Russell Hendry

Personal information
- Born: 2 March 1939 (age 87) Dunedin, Otago, New Zealand
- Batting: Right-handed
- Role: Batsman

Domestic team information
- 1961/62–1973/74: Otago
- FC debut: 3 January 1962 Otago v Northern Districts
- Last FC: 7 January 1974 Otago v Canterbury
- LA debut: 2 December 1973 Otago v Canterbury
- Last LA: 9 December 1973 Otago v Auckland

Career statistics
| Competition | First-class | List A |
| Matches | 34 | 2 |
| Runs scored | 1,061 | 0 |
| Batting average | 18.61 | 0.00 |
| 100s/50s | 0/5 | 0/0 |
| Top score | 87* | 0 |
| Catches/stumpings | 18/– | 0/– |
- Source: ESPNcricinfo, 14 May 2016

= Russell Hendry =

New Zealand cricketer

Russell Hendry (born 2 March 1939) is a New Zealand former cricketer. He played 34 first-class and two List A matches for Otago between the 1961–62 and 1973–74 seasons.

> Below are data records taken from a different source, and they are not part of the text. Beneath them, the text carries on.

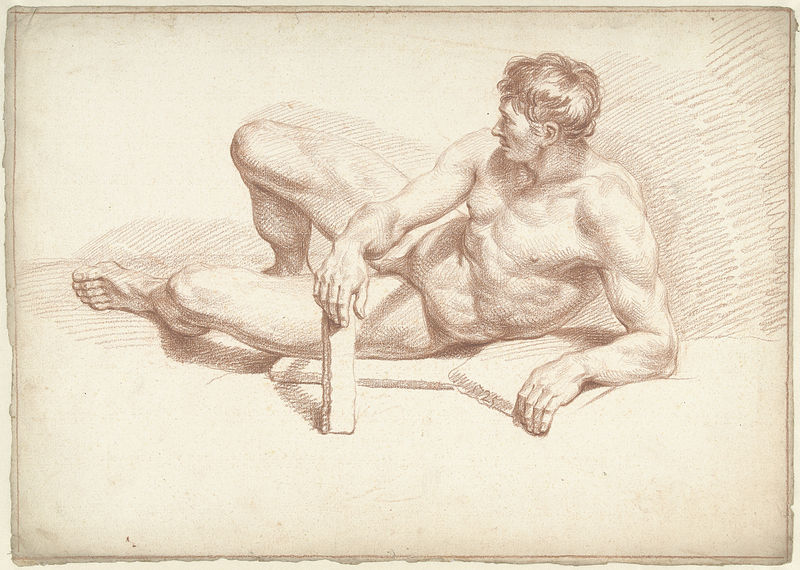
Titel: Mannelijk naakt, liggend, steunend op de linkerarm
Künstler: Louis Fabritius Dubourg
Standort: Amsterdam
Institution: Rijksmuseum
Schlagwörter: akt, hand, kopf, mann, nackt, schatten, brust, finger, haar, holz, ohr, skizze, zeichnung, blick, arm, stein, haare, reich, füße, liegen, stab, studie, muskeln, platte, liegend, abgewandt, muskulös, fuss, schraffur, künstler, stark, aufgestützt, ausruhen, schraffierung, rötel, muslen, sportlich
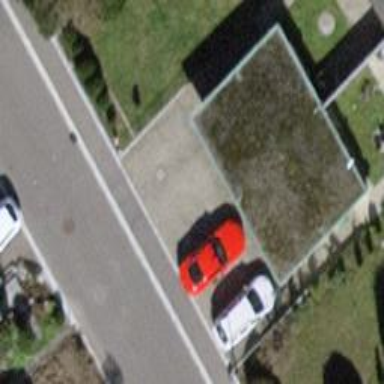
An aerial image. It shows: Flat-roofed garage.

Hendry was born at Dunedin in 1939 and educated at King's High School in the city. He played age-group cricket for Otago from 1957 to 1958 and first played for the provincial Second XI in 1960–61, before making his first-class debut for the representative team in a Plunket Shield fixture against Northern Districts at Carisbrook in January 1962. He scored a half-century on debut, part of a then-record Otago partnership of 123 against Northern Districts, and retained his place in the team for the remainder of the 1961–62 season.

Described as an "elegant right-handed batsman", Hendry was a regular member of the representative team until the end of the 1966–67 season. He scored half-centuries in 1962–63, 1964–65 and 1966–67, with a highest scored of 87 not out coming in January 1965 against Northern Districts. He played only twice in 1967–68 and then dropped out of the Otago team until the 1973–74 season when he returned to captain the team in five Plunket Shield matches. He scored another half-century, making 64 against Central Districts, and played both of his List A matches during the season, although he failed to score in either of his one-day innings. In total Hendry scored 1,061 first-class runs at a batting average of 18.61 runs per innings.

After his playing career, Hendry was an Otago Cricket Association board member for 15 years and in 2012 was elected as a life-member of the association. He played club cricket for Dunedin Cricket Club and published a history of the club.